Il Grammelot, in effetti, funziona solo e soltanto se il pubblico, ben conscio del fatto che si tratti di un linguaggio fittizio, si affida all’artista e si lascia trasportare dalla sua energia.

 Questa tecnica affonda le sue radici nel 1600, quando l’attore italiano Zan Ganassa si esibì a Siviglia con una compagnia di attori italiani. Intorno al 1610, Ganassa, noto per il suo umorismo, utilizzò uno stile di recitazione improvvisato che, sebbene non fosse sempre completamente compreso, riuscì a divertire il pubblico.
La sua performance, che oltre a divertire il popolo era fonte di grandi guadagni, ispirò gli spagnoli a creare commedie in modo nuovo, abbandonando le forme precedenti più ingessate e ormai scontate.

Il termine Grammelot venne poi ripreso nel XX secolo da Jacques Copeau, ma fu l’italiano Dario Fo a renderlo famoso.
Anche Dario Fo, noto drammaturgo e premio Nobel, ha infatti utilizzato questa forma di linguaggio nelle sue opere, mescolando lingue (reali e inventate) e suoni per creare personaggi vividi e situazioni comiche, rendendo il suo lavoro accessibile a un pubblico vasto.
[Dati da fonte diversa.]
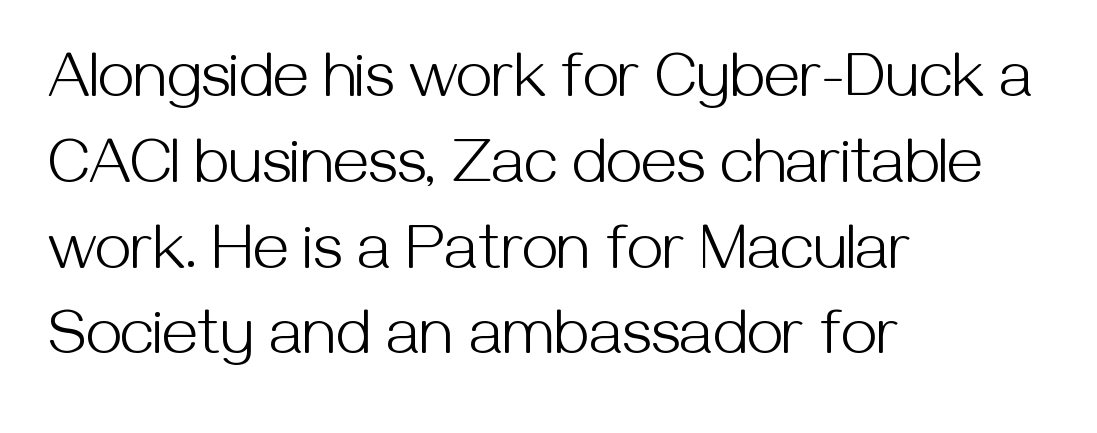
The typography opts for an upright posture over an oblique one. The typeface chosen for these lines omits serifs. You could call the tracking neutral — neither tight nor loose. Horizontal bands of white between lines are of average thickness. The font sits on the lighter half of the weight spectrum, regular included.
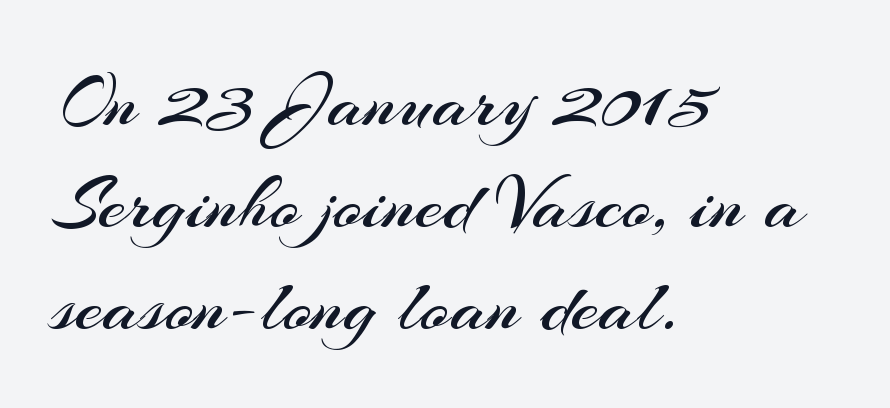
Q: Is the text bold? A: No.
Q: Is the text italic (slanted)? A: Yes.
Q: Is the typeface a serif or a sans-serif typeface? A: Sans-serif.
Q: Is the text underlined? A: No.
Q: How is the paragraph aligned? A: Left-aligned.
Q: Is the spacing between letters normal or unusually wide? A: Normal.
Q: Is the spacing between lines tight, normal or loose? A: Normal.
Q: Width (condensed, normal, or wide)? A: Normal.
Q: Stroke contrast? A: Medium.
Q: x-height? A: Small.
Q: Monospaced? A: No.

La sua abilità dimostra che il linguaggio può essere un gioco, un modo per esplorare la comunicazione umana nelle sue sfaccettature.

Una delle caratteristiche più affascinanti di questa forma espressiva è la sua capacità di trascendere le barriere linguistiche; poiché non si basa su un vocabolario specifico, può essere compresa da persone di diverse culture e lingue, rendendola uno strumento potente per l’interazione e la connessione umana.
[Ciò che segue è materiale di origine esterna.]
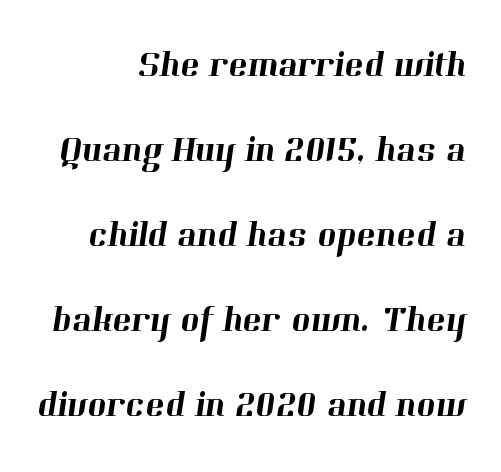
The image shows 36 px serif type; set right-aligned, loose line spacing (2.36x), normal letter spacing, not underlined; high stroke contrast and a medium x-height.
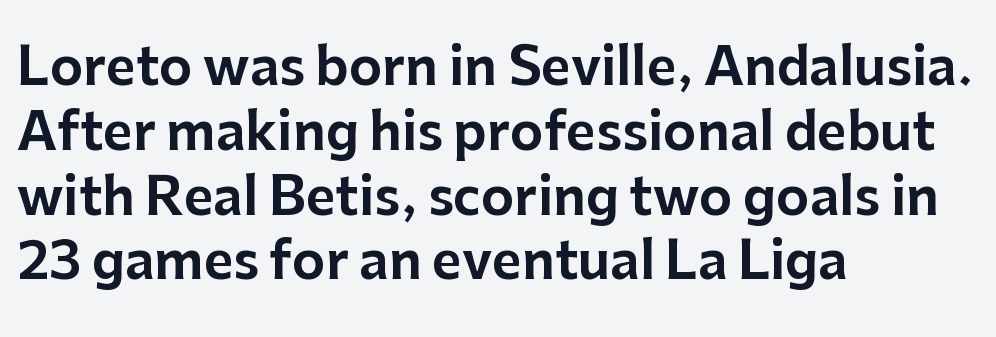
The image shows 51 px sans-serif type, upright; set left-aligned, normal line spacing (1.27x), normal letter spacing, not underlined; low stroke contrast and a medium x-height.
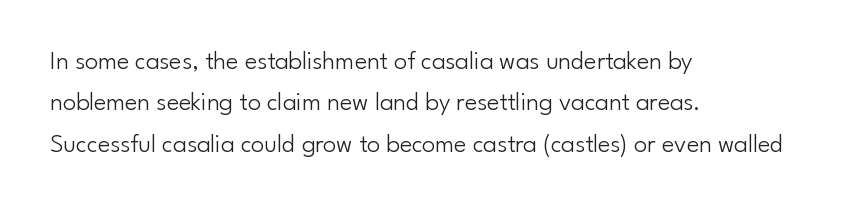
Each stroke keeps to a modest, everyday thickness or less. Whoever set this chose a conventional vertical rhythm. Caption: multi-line text, flush left, ragged right. Underlining? Definitely not there.
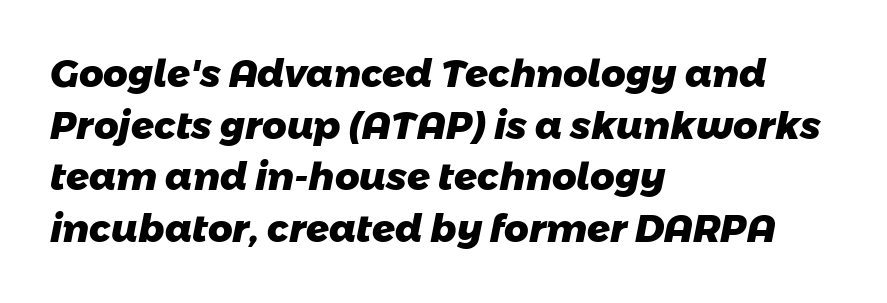
Compared with typical paragraphs, the rows here are spaced about the same. Each letter keeps its own natural width here, so spacing adapts to shape. The foot of each line stays bare and open. Does extra space separate the letters? No, they use regular spacing.

Inoltre, proprio per la sua capacità di rendere libero il linguaggio, è stata utilizzata anche in contesti di terapia e benessere, dove tecniche di improvvisazione vocale aiutano a esprimere emozioni represse e a migliorare la capacità comunicativa. Attraverso il gioco e l’improvvisazione, offre un modo per esplorare la creatività e liberarsi da ansie e inibizioni.

Questa forma d’arte celebra la libertà di espressione e, in un mondo dove le parole spesso possono limitare o confondere, offre una via alternativa, permettendo a corpo e voce di comunicare in modo autentico e immediato. La sua applicazione nel teatro e nella musica, come dimostrato da artisti come Celentano e Fo, evidenzia la potenza di questo linguaggio non verbale.

Non si tratta solo di un esercizio di stile, ma di una vera forma di comunicazione che invita a esplorare la meraviglia del suono e dell’espressione umana, unendo le persone attraverso la spontaneità e l’improvvisazione.